Mera studied him for a long moment. Then she nodded once, as if making peace with something she couldn't change.

"Fine," she said. "You're not the first stray to wash up at my door with more history than sense. You keep your head down, you pay rent, you don't bring Wardens here—then your past is your own."

"And if I don't?" Zayn asked.

"Then you're someone else's problem," she said. "Probably in pieces."

The matter settled, conversation drifted. The ink‑stained man complained about new licensing fees for Memory services. The bandaged woman mentioned a rumour that a Tangle‑Seer had arrived in South Weir to inspect the clinics. Mera grunted at both, unconvinced that anything would change.

Zayn listened, filing away names and structures.

Licenses for Domains. Councils that could reclassify entire kinds of people as dangerous with a vote. Churches that sold absolution for Thread abuses. Clinics that treated Fray with pills and beds instead of incense and song.

Different language. Same fear.

Later, back in his small room, he lay on the narrow bed and stared at the ceiling.

Rain began to fall, pattering against the window. Somewhere in the city, a long, low horn sounded, followed by the distant clang of metal being struck in regular intervals. Shift change, perhaps, at some factory or Weir facility.

He should sleep, he knew. His body ached with a deep, unfamiliar weariness, like he had fallen a very long way.

But the world outside and the world inside refused to stay quiet.

He turned the day over in his mind, testing the edges of this new place.

Threads open and casual in the street. Null blocks where power went blind. Clinics and licensing offices. Guilds and syndicates, churches and councils. A Weir tower that pulsed like a mechanical heart. A temple that claimed to speak for the Loom. And under it all, graffiti that urged people to cut themselves free.

In his old life, he had raged that those in power did not feel enough. Here, they felt too much and sold the overflow.

He thought of Elric Veyne—of himself—standing on the mountain, refusing binds, letting his Thread fray in an act of defiance and despair. He thought of Marek's scar, Lena's song, Gesh's rust. Of a name dropped like a stone at the bottom of a gorge.

He thought of Renn's easy grin, Mera's sharp eyes, the bandaged woman's rasp, the ink‑stained man's muttering.
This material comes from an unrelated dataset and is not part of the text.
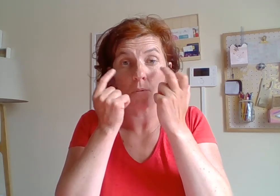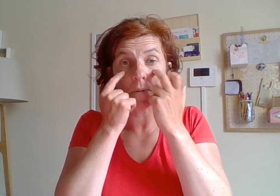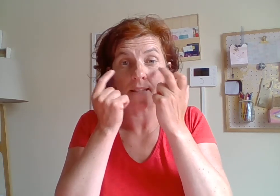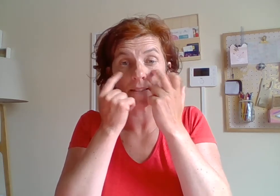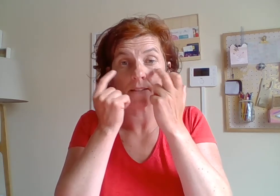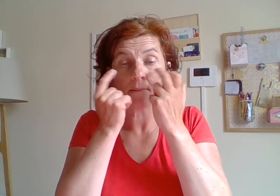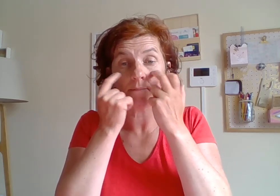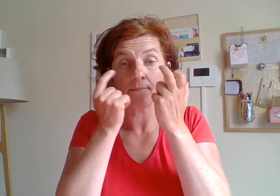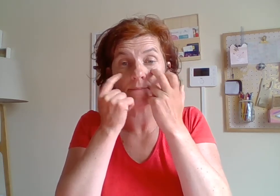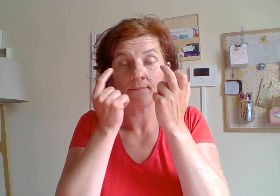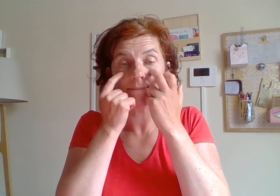me blesse.
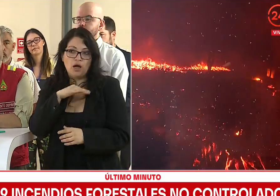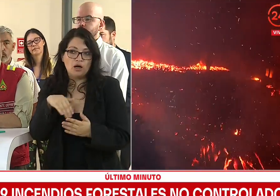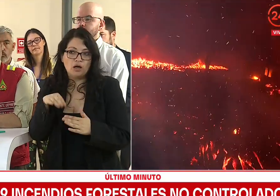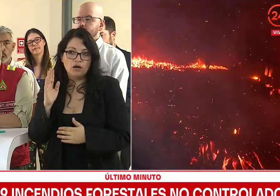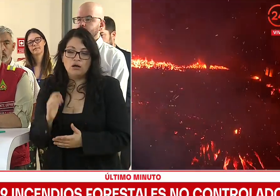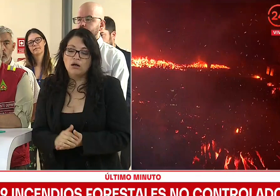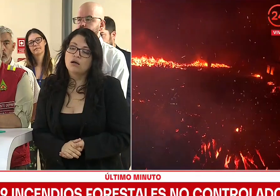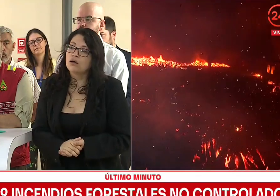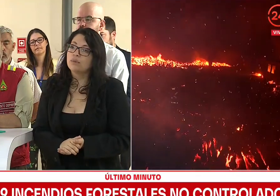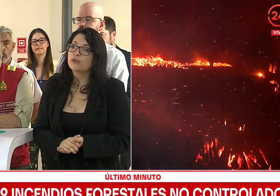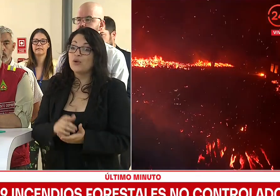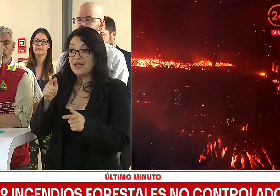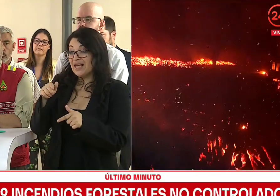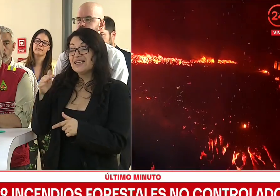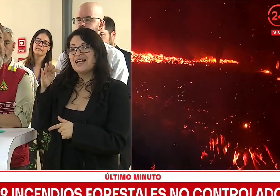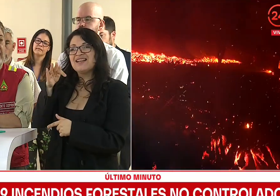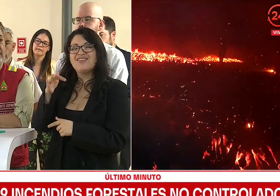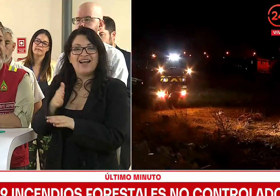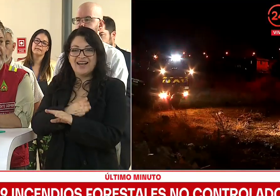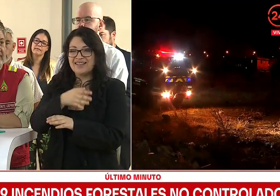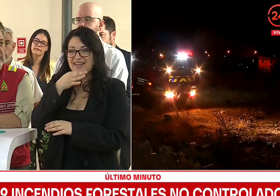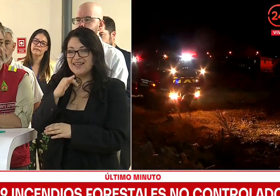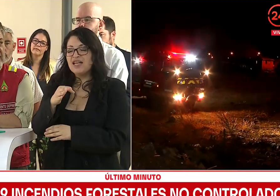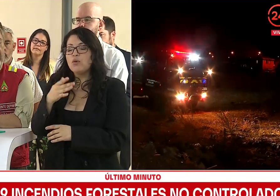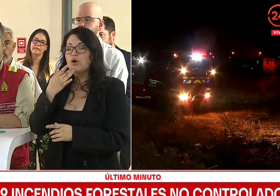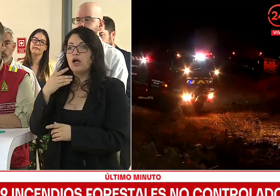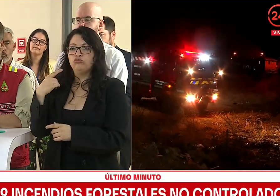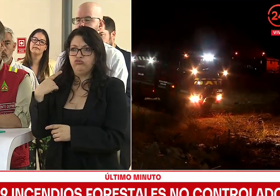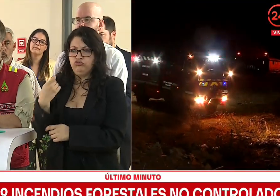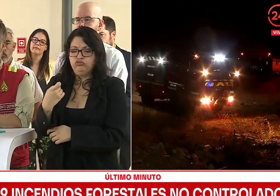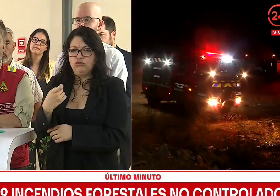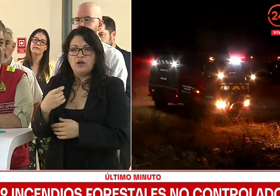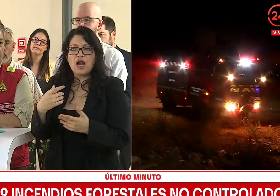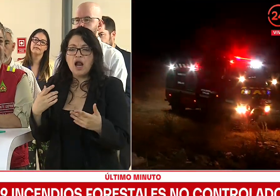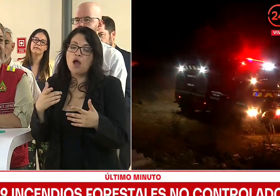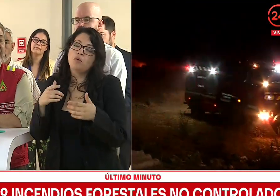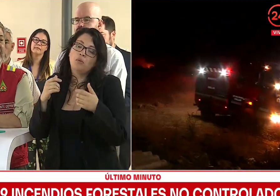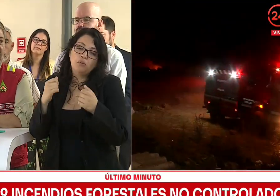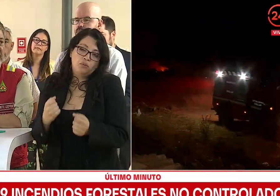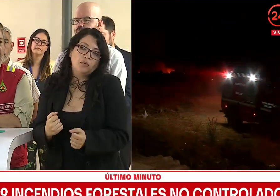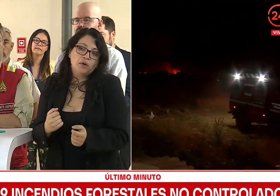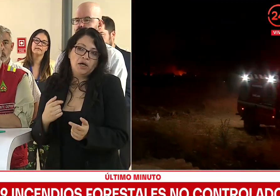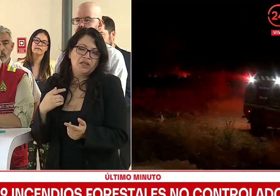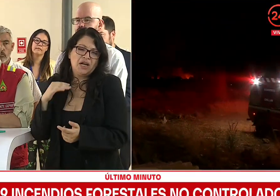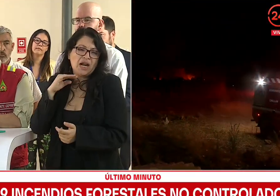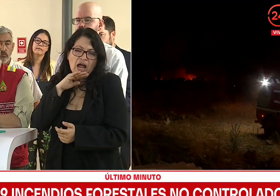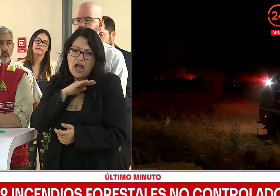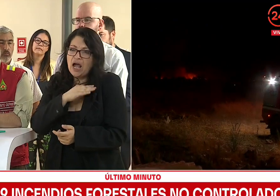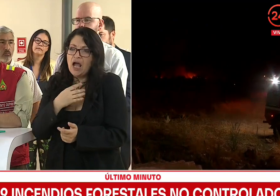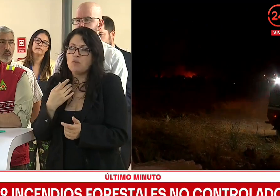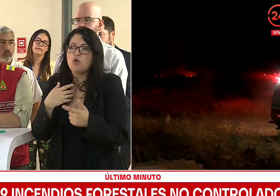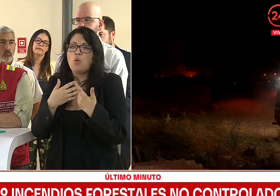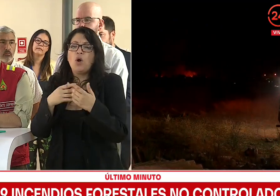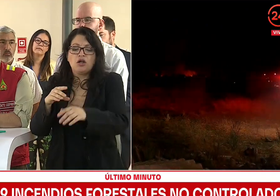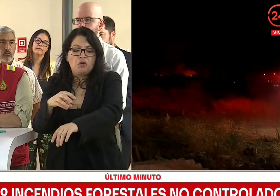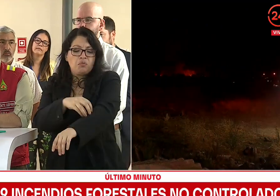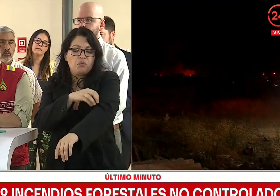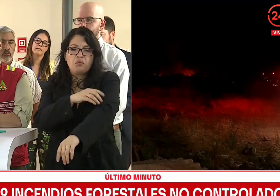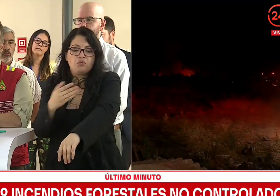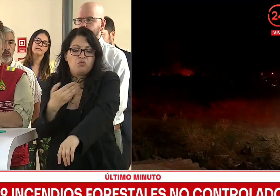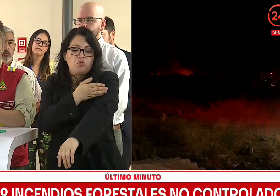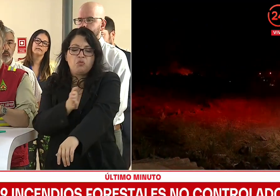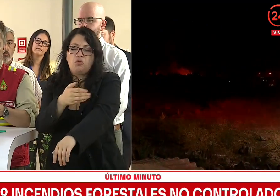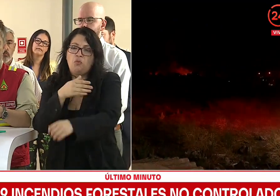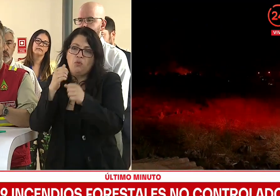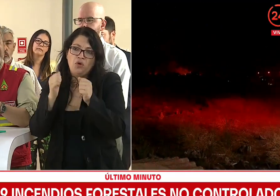ella, esta aeronave, como dije, por las rápidas velocidades que se desplaza, puede rápidamente llegar a cualquier región que se le

Of the fly that had never existed.

Zayn turned his head toward the dark window. The reflection there was faint: a thin face, eyes shadowed, hair still damp from river mist. It might have been a stranger's.

"Who am I?" he asked, just above a whisper.

The room did not answer.

But the new Thread shifted, as if the question had brushed against it. A hollow ache opened in his chest. The feeling was not memory. It was hunger.

Not for food, not for comfort. For removal.

This Domain—a shard of the Loom he had chosen or had chosen him—did not care about preserving truth. It was not built to hold stories, to anchor events so they could not be denied. It was built to take away. To carve gaps into the tapestry where inconvenient threads lay.

In a city where everyone feared being altered and recorded, where memories were commodities and addictions, a man who could make things disappear without trace would be priceless.

Or monstrous.

Or both.

Rain beat harder against the glass.

Zayn closed his eyes and tried to sleep, knowing that he would not.

Far away, the Central Weir's light pulsed, tugging Threads across the city in patterns he could not yet read. Nearer, in the High Loomist Temple, Seers might be waking from dreams of strange knots in the tapestry. Somewhere, the Council discussed lists of Domains and their dangers, unaware that a new one had slipped into their world through a broken man's fall.

In a small room in a tired boarding house, that man lay awake, listening to the city and to the quiet hum of his own absence.

He had no intention of being thrown from a mountain again.